* Your goal:
All of the data that follows is to be written out exactly, with images excluded.
##### Records for the exercise
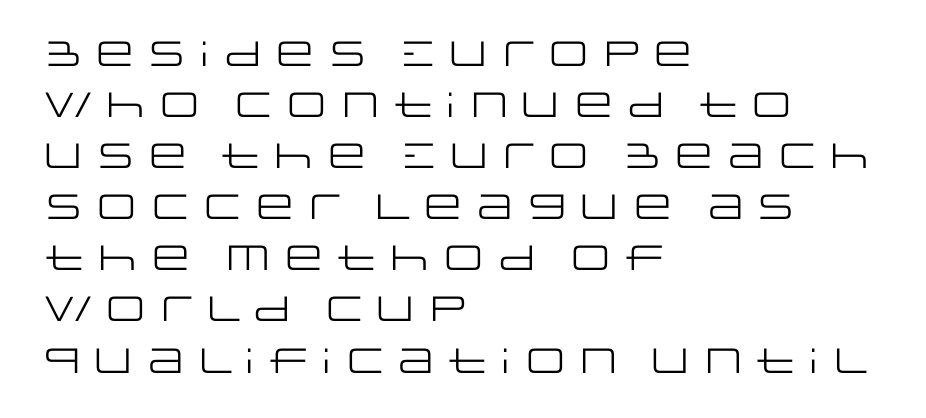
The rendering uses natural spacing where letterforms have individual widths. The characters are drawn with everyday or finer stroke widths. Horizontally, the lines are justified to the leading edge only. Descender tails drop into unmarked territory. No italicization has been applied; the sample stays upright.
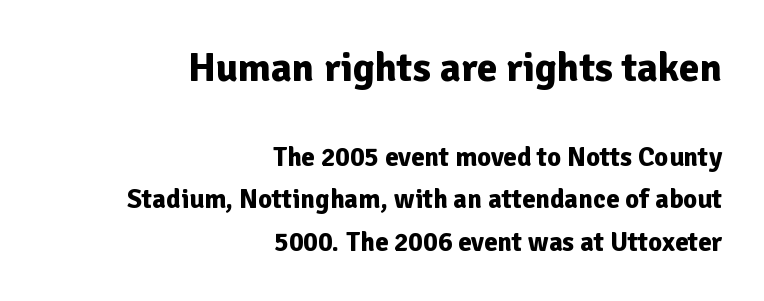
These lines were composed using upright roman letters. This rendering features lettering with no underline. These lines are rendered in a variable-pitch font. Regular leading. The earlier block is typeset at a bigger size than the later block. A typesetter would call this zero additional tracking.
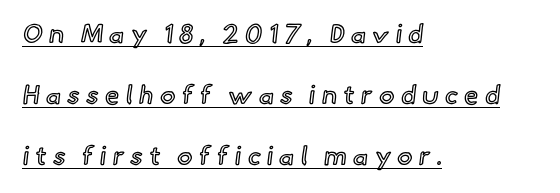
Each new line begins a long way beneath the previous one. Horizontal alignment here is leftward, the default for most running prose. The letters are spread apart with noticeably loose tracking. Each line of the rendering has a horizontal stroke beneath the glyphs.
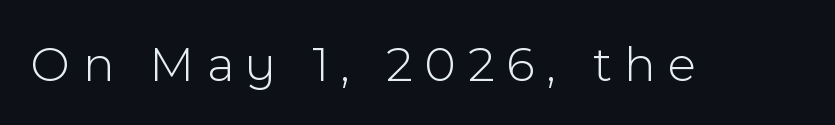
{"serif": "no", "italic": "no", "bold": "no", "weight": "light", "width": "normal", "x_height": "medium", "monospaced": "no", "underline": "no", "letter_spacing": "wide", "letter_spacing_em": 0.25, "glyph_px": 51}
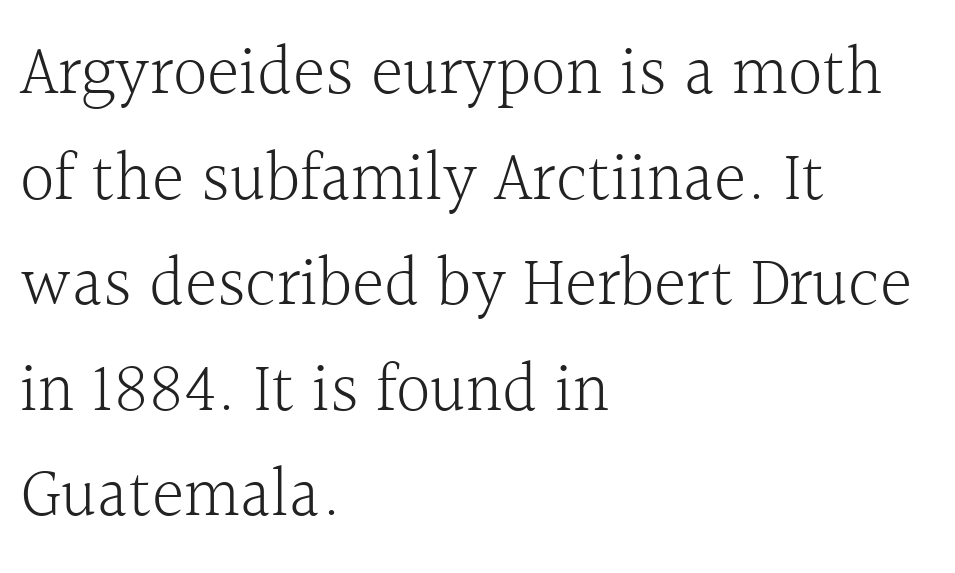
{"serif": "yes", "italic": "no", "bold": "no", "weight": "light", "width": "normal", "x_height": "medium", "monospaced": "no", "underline": "no", "align": "left", "line_spacing": "normal", "line_spacing_ratio": 1.53, "letter_spacing": "normal", "letter_spacing_em": 0.0, "glyph_px": 69}
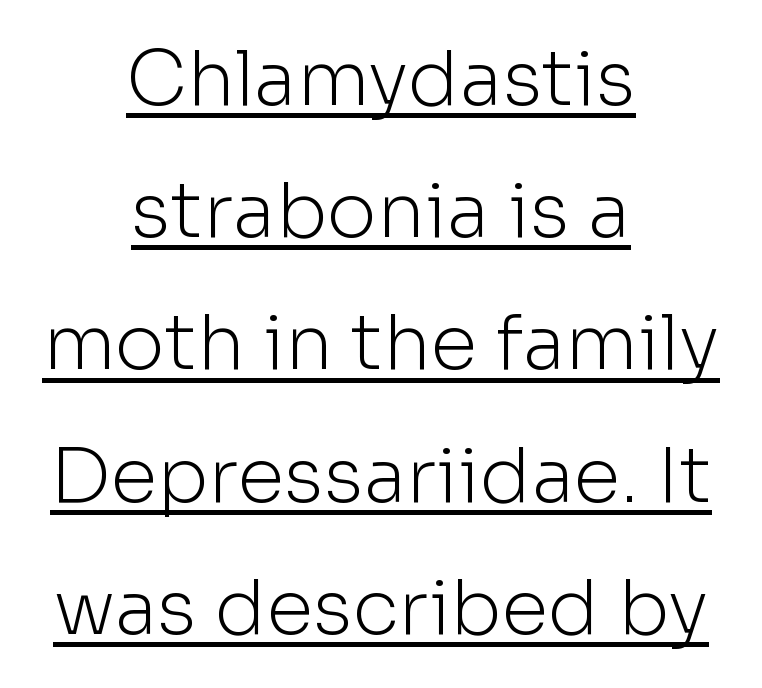
The image shows 76 px light sans-serif type, upright; set centered, line spacing 1.74x, normal letter spacing, underlined; low stroke contrast and a medium x-height.
##########
* Task response:
The rendering uses natural spacing where letterforms have individual widths. The characters are drawn with everyday or finer stroke widths. Horizontally, the lines are justified to the leading edge only. Descender tails drop into unmarked territory. No italicization has been applied; the sample stays upright.
These lines were composed using upright roman letters. This rendering features lettering with no underline. These lines are rendered in a variable-pitch font. Regular leading. The earlier block is typeset at a bigger size than the later block. A typesetter would call this zero additional tracking.
Each new line begins a long way beneath the previous one. Horizontal alignment here is leftward, the default for most running prose. The letters are spread apart with noticeably loose tracking. Each line of the rendering has a horizontal stroke beneath the glyphs.
{"serif": "no", "italic": "no", "bold": "no", "weight": "light", "width": "normal", "x_height": "medium", "monospaced": "no", "underline": "no", "letter_spacing": "wide", "letter_spacing_em": 0.25, "glyph_px": 51}
{"serif": "yes", "italic": "no", "bold": "no", "weight": "light", "width": "normal", "x_height": "medium", "monospaced": "no", "underline": "no", "align": "left", "line_spacing": "normal", "line_spacing_ratio": 1.53, "letter_spacing": "normal", "letter_spacing_em": 0.0, "glyph_px": 69}
The image shows 76 px light sans-serif type, upright; set centered, line spacing 1.74x, normal letter spacing, underlined; low stroke contrast and a medium x-height.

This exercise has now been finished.